3. Account for snowfall and snow melt#
A second model is now created that accounts for snowfall and melt through a degree-day snow model (see e.g., Kavetski & Kuczera (2007). To run the model we add the keyword snow=True to the FlexModel and provide a time series of mean daily temperature to the RechargeModel. The temperature time series is used to split the precipitation into snowfall and rainfall.
ml2 = ps.Model(head)
sm2 = ps.RechargeModel(
prec,
evap,
recharge=ps.rch.FlexModel(snow=True),
rfunc=ps.Gamma(),
name="rch",
temp=temp,
)
ml2.add_stressmodel(sm2)
# Solve the Pastas model in two steps
ml2.solve(tmin=tmin, tmax=tmax, fit_constant=False, report=False)
ml2.add_noisemodel(ps.ArNoiseModel())
ml2.set_parameter("rch_srmax", vary=False)
ml2.solve(tmin=tmin, tmax=tmax, fit_constant=False, initial=False)

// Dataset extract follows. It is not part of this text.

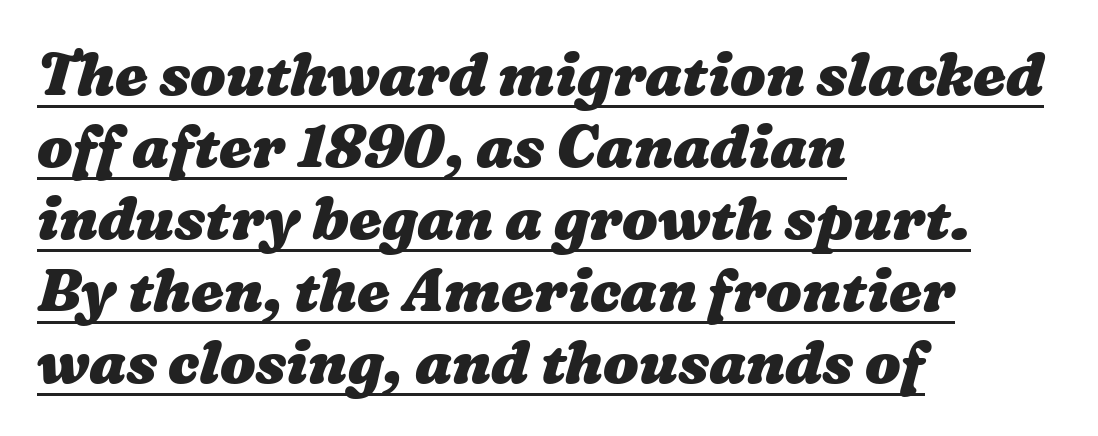
The image shows 59 px heavy, wide type; set left-aligned, line spacing 1.22x, normal letter spacing, underlined; medium stroke contrast and a medium x-height.
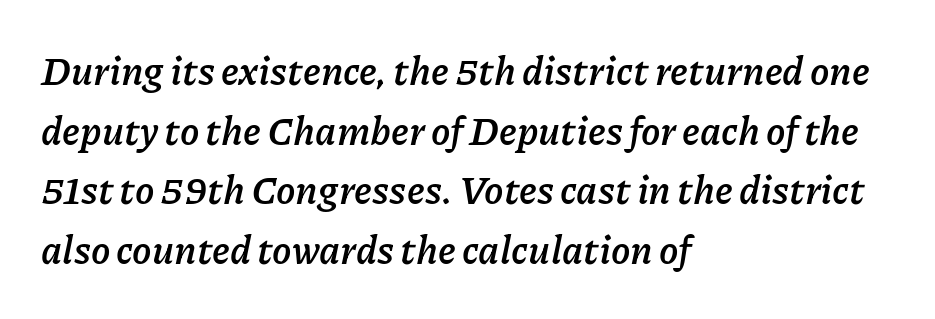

Fit report Head Fit Statistics
==================================================
nfev 37 EVP 67.57
nobs 590 R2 0.68
noise True RMSE 0.10
tmin 1985-01-01 00:00:00 AICc -3388.09
tmax 2010-01-01 00:00:00 BIC -3353.30
freq D Obj 0.92
freq_obs None ___
warmup 3650 days 00:00:00 Interp. No
Parameters (8 optimized)
==================================================
optimal initial vary
rch_A 0.731108 0.573522 True
rch_n 1.080474 1.398730 True
rch_a 212.190498 108.625483 True
rch_srmax 159.889166 159.889166 False
rch_lp 0.250000 0.250000 False
rch_ks 482.485991 358.381607 True
rch_gamma 13.464169 18.461413 True
rch_kv 0.646750 0.713615 True
rch_simax 2.000000 2.000000 False
rch_tt 0.000000 0.000000 False
rch_k 0.660375 0.793974 True
constant_d 78.236264 0.000000 False
noise_alpha 71.586662 15.000000 True
Compare results#
From the fit_report we can already observe that the model fit improved quite a bit. We can also visualize the results to see how the model improved.
ax = ml2.plot(figsize=(10, 3))
ml1.simulate().plot(ax=ax)
plt.legend(
[
"Observations",
"Model w Snow NSE={:.2f}".format(ml2.stats.nse()),
"Model w/o Snow NSE={:.2f}".format(ml1.stats.nse()),
],
ncol=3,
)
<matplotlib.legend.Legend at 0x7441e431f380>
Extract the water balance (States & Fluxes)#
df = ml2.stressmodels["rch"].get_water_balance(
ml2.get_parameters("rch"), tmin=tmin, tmax=tmax
)
df.plot(subplots=True, figsize=(10, 10));
References#
Kavetski, D. and Kuczera, G. (2007). Model smoothing strategies to remove microscale discontinuities and spurious secondary optima in objective functions in hydrological calibration. Water Resources Research, 43(3).